Joe is what I call “involuntarily retired.” A couple of years after Jason died, the company he worked for went through some downsizing. Joe was so burned out and drained from everything we had gone through that, when he found out someone was going to be laid off, he volunteered to be the one laid off even though he had seniority and no one wanted him to go. He figured it would be better for him to be laid off than some younger guy with young kids at home. Besides, he had plenty of working years left for another career, didn’t he? Well, that hasn’t exactly happened, either.

I’m not saying all this to make people feel sorry for me. I’m just reflecting on my life so far. I’m just saying that I feel like I’ve lost a lot of productive years – years I can never get back – after Jason died. I lost me. I lost my focus. I lost the life I once knew. I lost my hopes, dreams and plans. I feel like I didn’t accomplish much of anything in those years after Jason died. I really tried hard, but I felt like I was swimming in molasses. I guess that’s just another “cost” for me following the death of a child. I feel like I finally have the focus and energy to get back “on track,” whatever that is. Now if I only had more years to get done what I need to get done before I have to retire. I don’t feel like I have enough time left. Nothing I can do but do the best I can with the time I have.

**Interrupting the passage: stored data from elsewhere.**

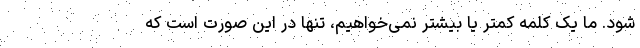
شود. ما یک کلمه کمتر یا بیشتر نمی‌خواهیم، تنها در این صورت است که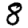
Digit: 8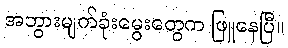
အဘွားမျက်ခုံးမွေးတွေက ဖြူနေပြီ။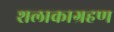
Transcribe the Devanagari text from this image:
शलाकाग्रहण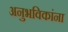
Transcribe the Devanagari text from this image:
अनुभविकांना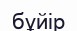
бұйір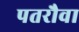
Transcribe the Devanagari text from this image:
पतरौवा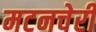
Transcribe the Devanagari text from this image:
मटनचेरी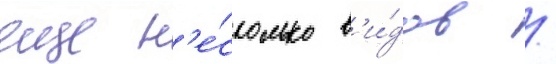
еще н'е́сколько в'и́дов /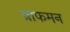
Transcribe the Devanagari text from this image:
ग्राफमन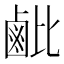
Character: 𬸲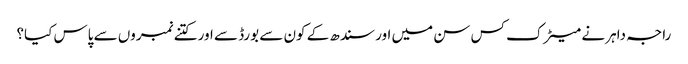
راجہ داہر نے میٹرک کس سن میں اور سندھ کے کون سے بورڈ سے اور کتنے نمبروں سے پاس کیا؟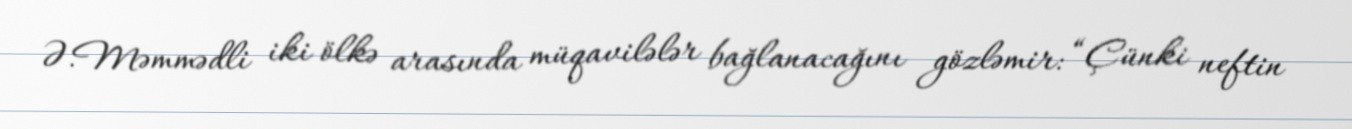
Ə.Məmmədli iki ölkə arasında müqavilələr bağlanacağını gözləmir: “Çünki neftin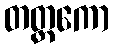
တတ္ထကော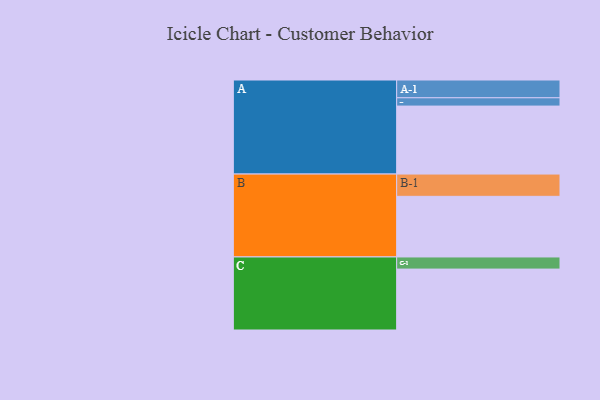
{"axis": {"x": "Segment", "y": "Value"}, "legend": ["", "A", "B", "C"], "data": [{"x": "A", "y": 482, "type": ""}, {"x": "B", "y": 430, "type": ""}, {"x": "C", "y": 432, "type": ""}, {"x": "A-1", "y": 126, "type": "A"}, {"x": "A-2", "y": 59, "type": "A"}, {"x": "B-1", "y": 158, "type": "B"}, {"x": "C-1", "y": 86, "type": "C"}]}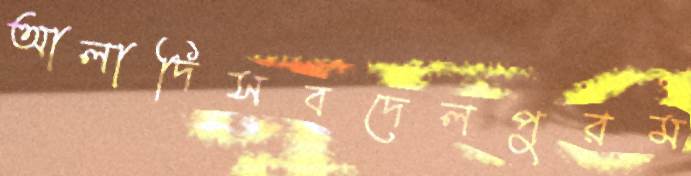
আলাদিসবদেলপুরম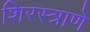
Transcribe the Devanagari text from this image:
शिरस्त्राणे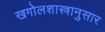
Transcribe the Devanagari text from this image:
खगोलशास्त्रानुसार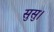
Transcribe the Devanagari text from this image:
सुसु।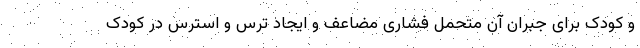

Time is not always on our side, is it? Tick, tock. Tick, tock.

Has anyone else experienced the feeling of “lost” years/time following the death of a child? Would love to hear your input.

© 2014 Rebecca R. Carney

Money, money, money, money

From my journal dated October 29, 2002:

Finances are running a low now. I have a whole different attitude toward money than I used to. It’s just a tool to take care of our family. It’s never been a huge focus for us…otherwise I would have gone to work all these years instead of homeschooling our kids.

Money can’t buy what I want most – to have Jason back. It couldn’t buy protection for him against a stupid, thoughtless, drunk driver. After that, what’s money worth? It’s less than nothing in the whole scheme of things…other than a tool.